The purpose of VEW is to select effective feature genes from high-dimensional gene expression data. Unlike other similar methods, VEW is a three-stage hybrid method that combines the three constitutive methods well. We quickly screen feature genes in a large range through a variance filter and ERT and then accurately screen them in a small range through a WOA. This improves performance and reduces time consumption. The results in Tables S4S6 show that our method can select important genes related to a tumor in multiple datasets, and the results of other researchers also verify the effectiveness and practicability of genes selected by the VEW method from a medical perspective. The results in Tables 1, 2, 3, 4, 5 show that VEW significantly improves performance while reducing run time. The number of genes selected by VEW on all datasets is no more than 10, and the Acc reaches 100% on the ovarian and leukemia datasets; the average Acc on multiple datasets also reaches 89.58%. Compared with other advanced algorithms, VEW has obvious advantages in the number of gene selections, Acc, Precision, Recall, F1, and running time.

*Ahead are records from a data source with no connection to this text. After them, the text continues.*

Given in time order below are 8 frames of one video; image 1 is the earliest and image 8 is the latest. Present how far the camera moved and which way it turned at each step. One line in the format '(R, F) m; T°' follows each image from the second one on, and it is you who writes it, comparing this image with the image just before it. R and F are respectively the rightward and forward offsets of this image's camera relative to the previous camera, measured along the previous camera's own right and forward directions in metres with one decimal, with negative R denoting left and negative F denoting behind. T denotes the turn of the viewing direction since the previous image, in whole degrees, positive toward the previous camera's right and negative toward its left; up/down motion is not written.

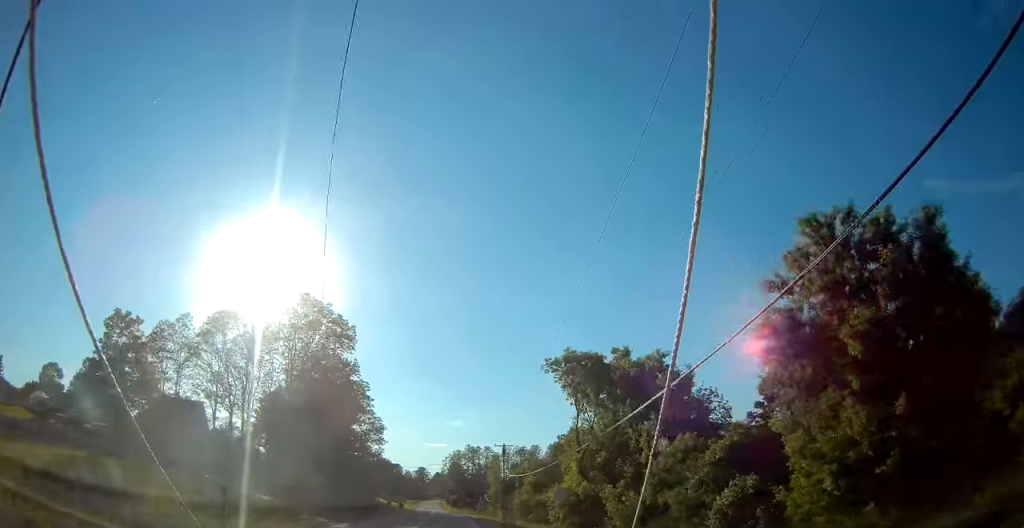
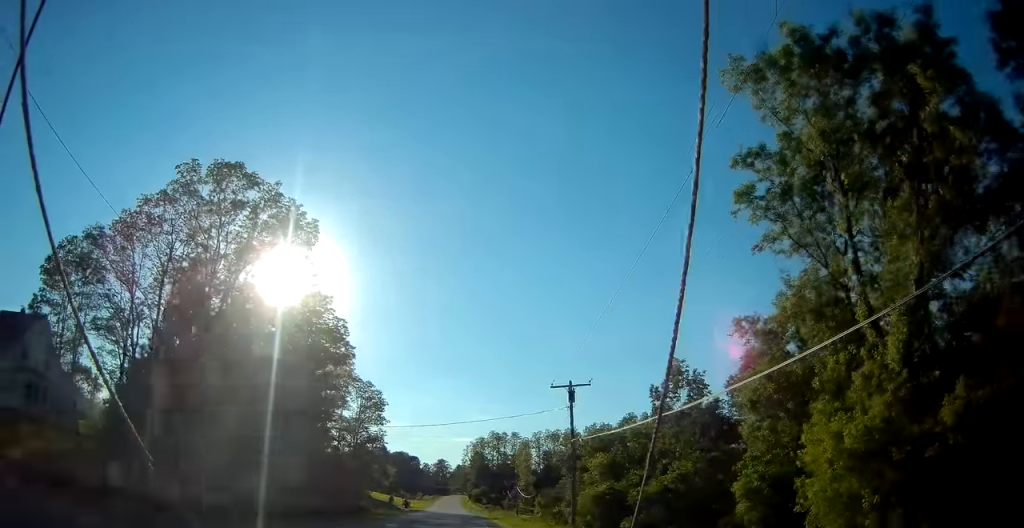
(-0.2, +34.4) m; -2°
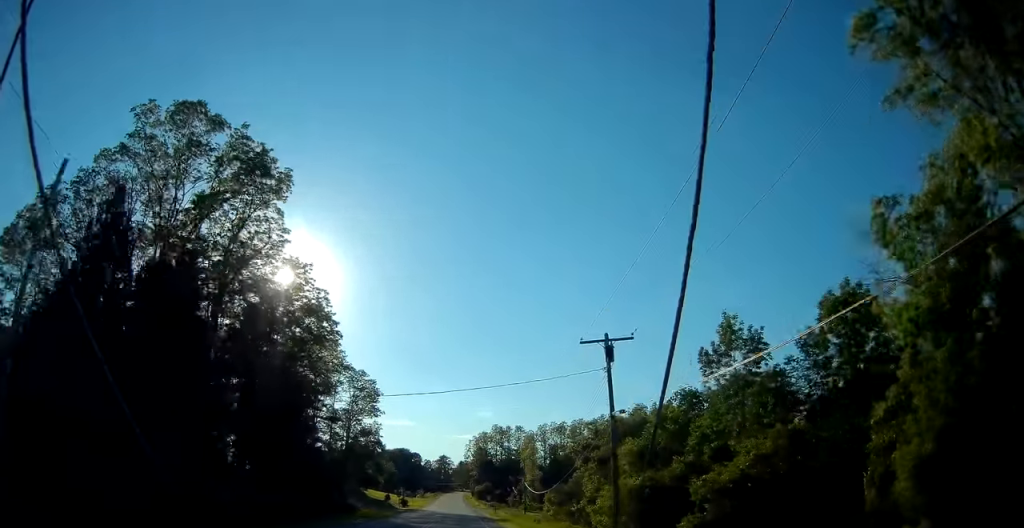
(-0.3, +9.5) m; -1°
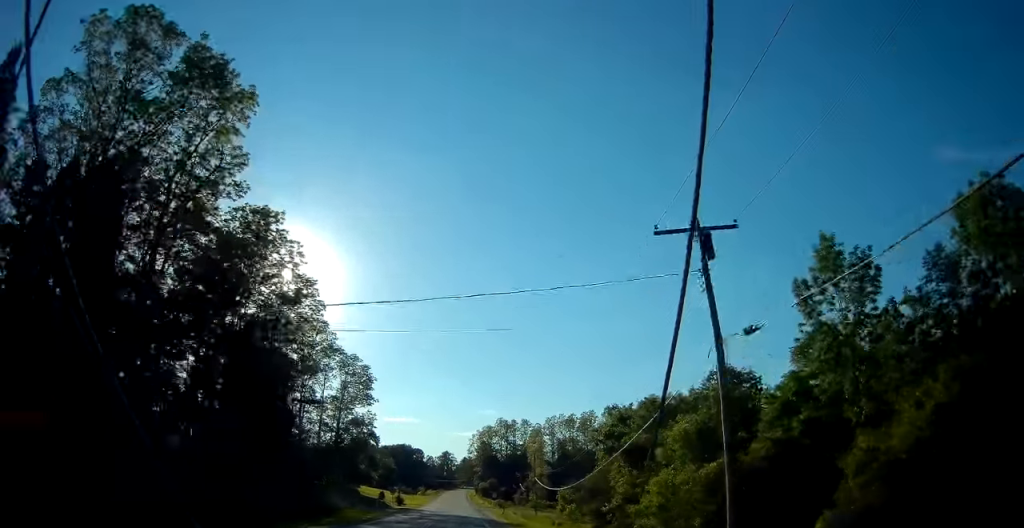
(-0.1, +11.0) m; -1°
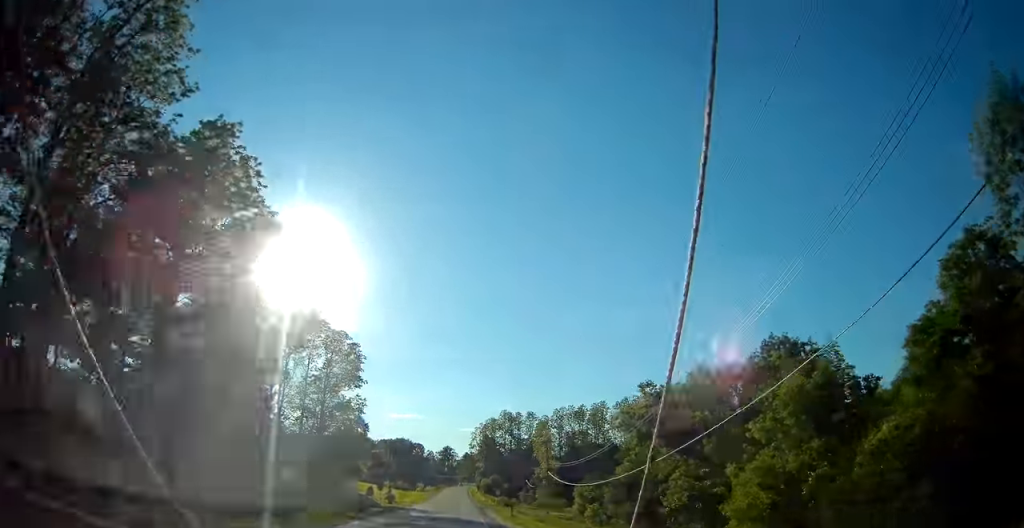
(-0.1, +12.7) m; 0°
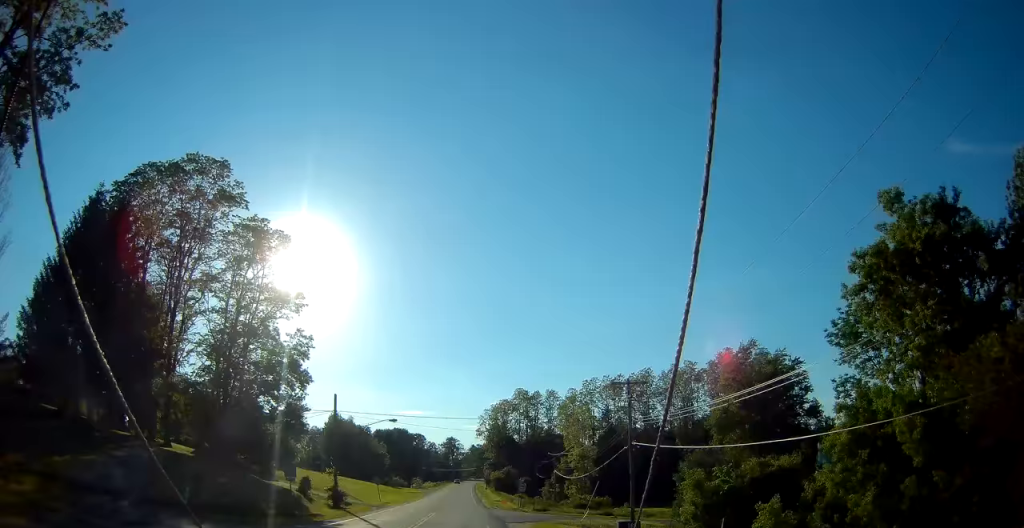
(0.0, +36.0) m; -1°
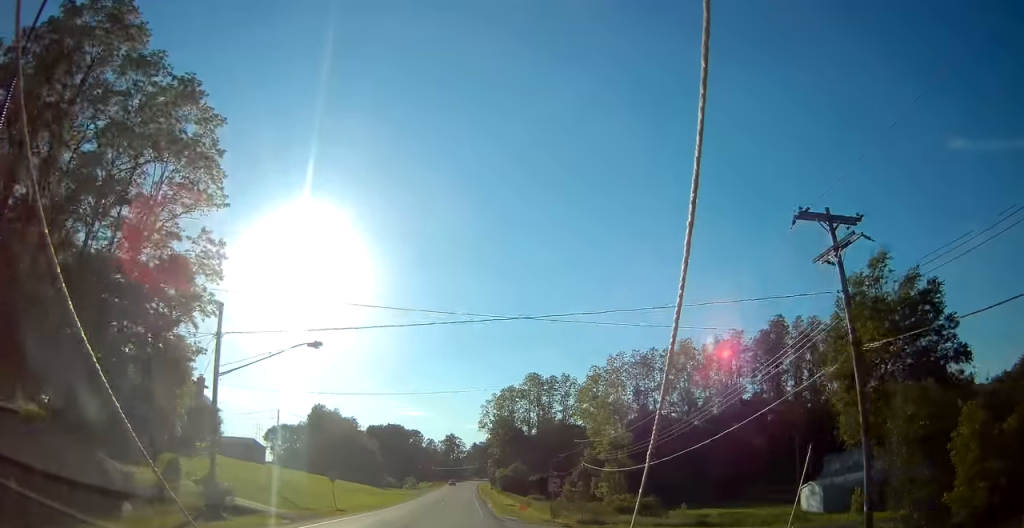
(-0.3, +23.4) m; 0°
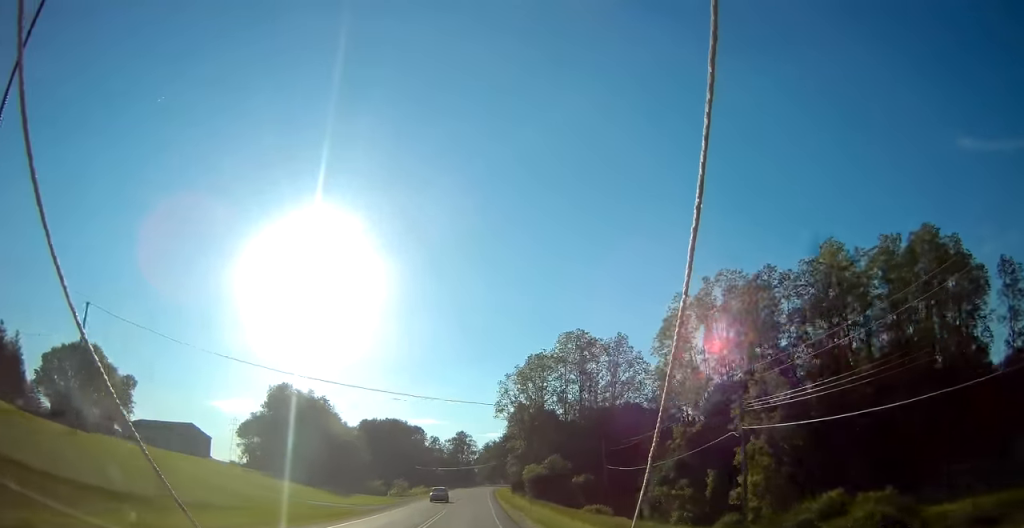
(+0.1, +42.1) m; 0°

As shown in Table S7, we also test the performance value of the VEW method on different datasets when \(\alpha \) takes different values, which proves the rationality of our \(\alpha \) value. Because the variance filter is simple and efficient, we first use it to filter out redundant genes and use the ERT in the second phase of VEW, which can further narrow the scope of gene screening, increase the randomness of the screening process, and avoid falling into local optimization. The results of the basic WOA in the third stage also show that our idea can significantly improve the overall algorithm performance. We believe that the addition of the three-stage hybrid algorithm of the ERT is the key reason for the performance improvement. The ERT increases the randomness of the overall algorithm and further sorts and filters the gene subset, which also increases the screening accuracy of the whale optimization algorithm. However, the methods proposed in this paper also have many limitations. For example, the basic WOA has the disadvantages of low accuracy, slow convergence speed, and easy trapping in local optima. In addition, the filtering method in the first stage needs to select the better one to improve the performance of the overall algorithm. In future research, we can further select better filter and wrapper methods and combine them with ERT to form a new three-stage hybrid algorithm to improve the performance of the overall algorithm.